__Assigned task__
Find the string "http" in the records and copy each line where it occurs.

Task input section start

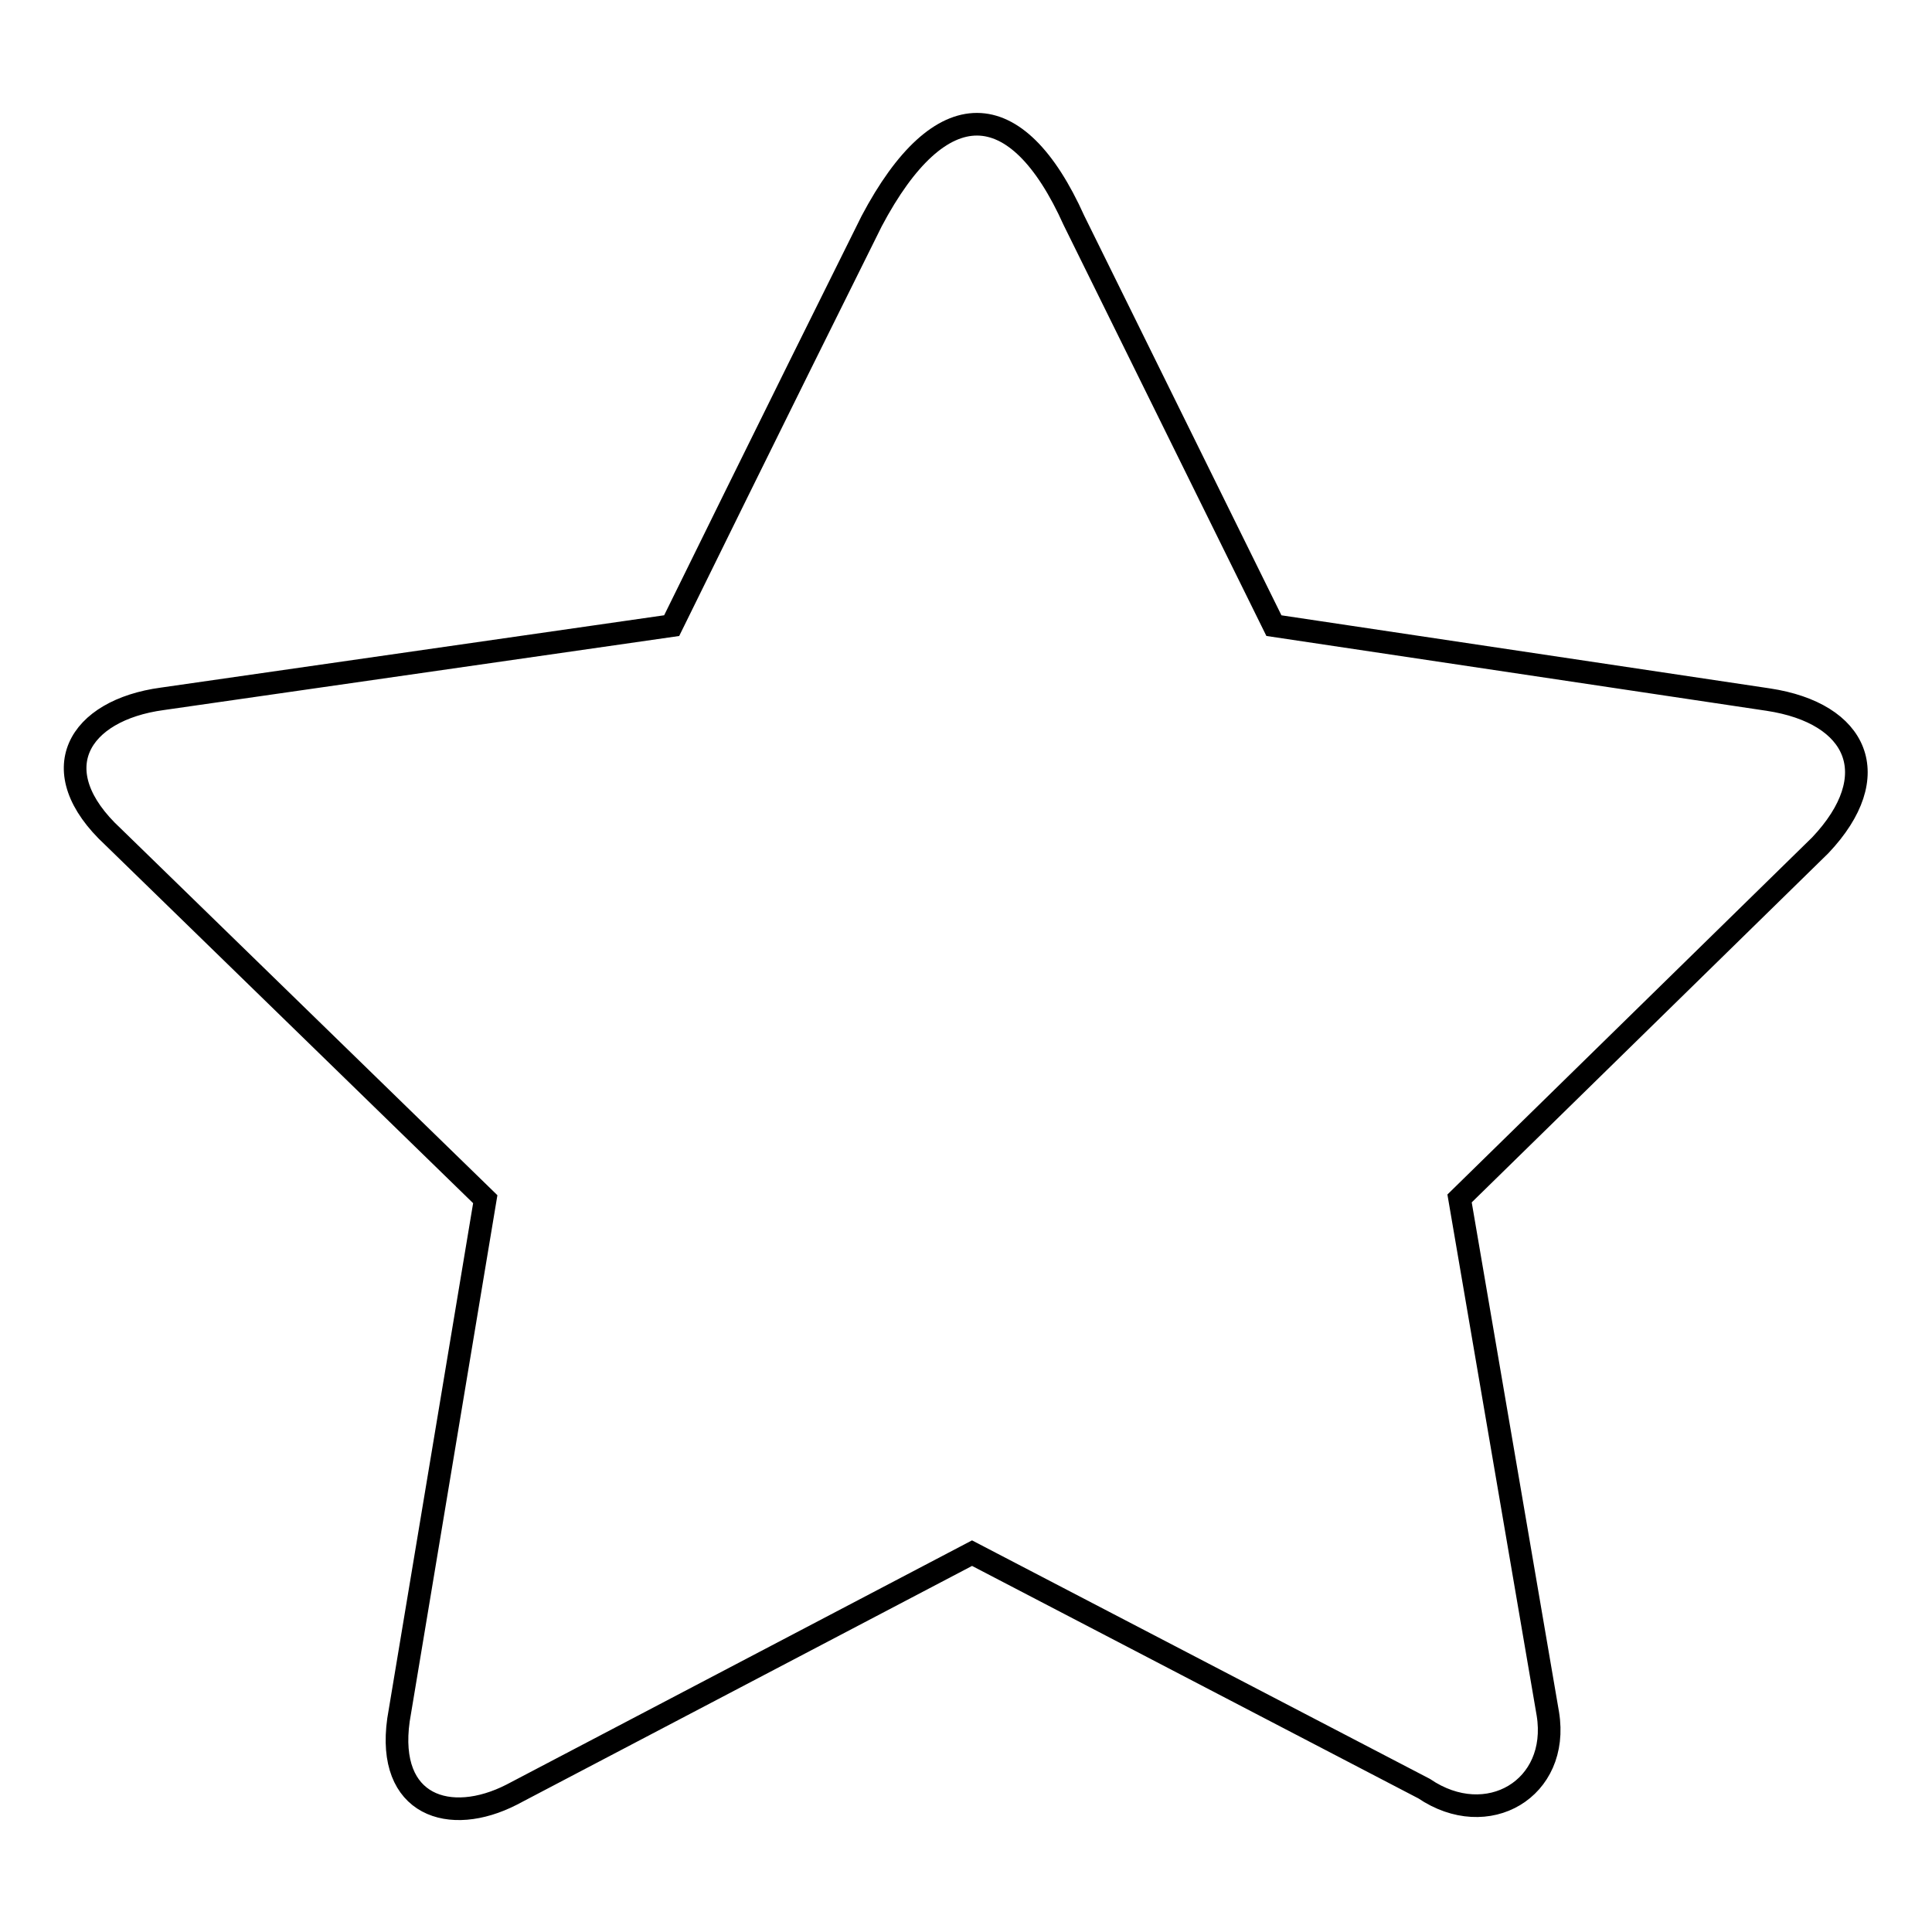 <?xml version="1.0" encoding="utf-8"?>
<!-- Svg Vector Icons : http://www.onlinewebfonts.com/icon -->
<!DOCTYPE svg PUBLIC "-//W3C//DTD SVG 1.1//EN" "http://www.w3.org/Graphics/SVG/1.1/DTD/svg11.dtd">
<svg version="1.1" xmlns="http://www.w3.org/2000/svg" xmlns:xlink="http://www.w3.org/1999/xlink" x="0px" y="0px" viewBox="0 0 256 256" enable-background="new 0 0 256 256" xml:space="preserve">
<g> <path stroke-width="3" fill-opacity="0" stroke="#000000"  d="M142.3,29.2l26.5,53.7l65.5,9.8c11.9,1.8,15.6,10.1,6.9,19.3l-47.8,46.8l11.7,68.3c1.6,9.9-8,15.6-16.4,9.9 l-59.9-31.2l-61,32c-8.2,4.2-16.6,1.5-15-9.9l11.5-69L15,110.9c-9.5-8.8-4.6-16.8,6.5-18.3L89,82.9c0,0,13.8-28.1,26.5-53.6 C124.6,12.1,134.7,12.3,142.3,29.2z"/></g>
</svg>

Task input section end

__Written response__
<!-- Svg Vector Icons : http://www.onlinewebfonts.com/icon -->
<!DOCTYPE svg PUBLIC "-//W3C//DTD SVG 1.1//EN" "http://www.w3.org/Graphics/SVG/1.1/DTD/svg11.dtd">
<svg version="1.1" xmlns="http://www.w3.org/2000/svg" xmlns:xlink="http://www.w3.org/1999/xlink" x="0px" y="0px" viewBox="0 0 256 256" enable-background="new 0 0 256 256" xml:space="preserve">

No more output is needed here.